I can’t believe I’m about to give the Vampire Diaries finale, another show I skipped MANY seasons of, credit... but at least when doing *their* afterlife ending & indicating characters eventually died of old age they did not go the cheesy bad makeup route! LOST’s finale also looking pretty good in comparison now. (Afterlife endings are not my jam, to say the least, but out of the afterlife endings that come to mind, LOST’s is solid). 
Tell-not-show does have some advantages! There is a time to tell and a time to show! There is a time to leave things mysterious and open-ended and a time to spell shit the fuck out! 
For instance, that Jack!God let there still be vampires around. Why he left them around, OK, I still think we could have used at least a line of speculation there, but leave that a question. That he left them around -- spell it out! Especially when we see Sam & Dean looking for ‘weird stuff’ and all they find initially is a pie festival. We don’t even know if there’s anything to find anymore!
& when the villains of the episode did not do anything that clearly marked them as supernatural and not crazy cult evil humans -- until we see that guy wake up with the bullet in his head, we can’t be sure Sam/Dean are right, that they are vampires, because we’ve gotten no post-Jack confirmation monsters are still around! Did the writers just assume the audience would assume all the ‘hunting things’ are automatically back? Or were they intentionally trying to make us wonder if Sam & Dean are killing humans for a sec?? I lean toward the latter, as the episode played with a few too many trying-to-be-clever fakeouts.
I think it’s a mistake that weakened the writing, either way, and a minor example of the episode’s overall issues. Supernatural used to be masterful at the balancing act between showing & leaving to the imagination: the ultimate example being Castiel’s shadow wings & that whole season 4 premiere really. Did we really need to see Sam in hospice, or couldn’t Bobby’s line about time passing differently have cut it? Did we need more from the son than the tattoo and a pull-away shot of him from behind, in flannel with long hair? Did we really?
Meanwhile we went from Sam going to Austin, apparently to fight on alone, to Sam-with-son, with zero transition. We get Faceless Wife, with not even, y’know, a phone call to or from Eileen or a line confirming if she’s alive or dead. Those... might have been more useful to show.    

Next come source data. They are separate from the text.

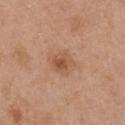* follow-up: catalogued during a skin exam; not biopsied
* tile lighting: white-light
* lesion diameter: about 3 mm
* acquisition: ~15 mm crop, total-body skin-cancer survey
* anatomic site: the chest
* subject: female, aged 38–42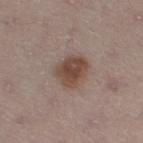Findings:
– notes — no biopsy performed (imaged during a skin exam)
– image-analysis metrics — a shape eccentricity near 0.55 and a shape-asymmetry score of about 0.2 (0 = symmetric); a mean CIELAB color near L≈46 a*≈17 b*≈24, roughly 11 lightness units darker than nearby skin, and a lesion-to-skin contrast of about 9 (normalized; higher = more distinct); internal color variation of about 3.5 on a 0–10 scale and radial color variation of about 1
– lighting — white-light illumination
– subject — male, roughly 65 years of age
– image source — ~15 mm crop, total-body skin-cancer survey
– lesion diameter — about 3.5 mm
– body site — the leg

I agree how simple the death is was definitely the point. It was a poorly-delivered point. 
So okay, it’s the ‘one good day’ ending. And I’m quoting Spike’s speech on Buffy in calling it that. How does a Slayer lose, how does a Slayer die? And that speech is precipitated by Buffy having a close call: she gets beat, on a random patrol, by one random vampire. Not multiple vampires, not a super-vampire, and it jars her, leading her to look into what happened to her predecessors. What’s ultimately, presumably, going to happen to her, no matter how many stronger foes she’s taken down. All the bad guys need is one good day.  
In and of itself it’s a good concept. It’s a pretty natural concept for the Winchesters. Except where in the story it’s placed makes it feel wrong; it both had too much and too little buildup (the wrong kind of buildup!); and the execution was just... horrible. 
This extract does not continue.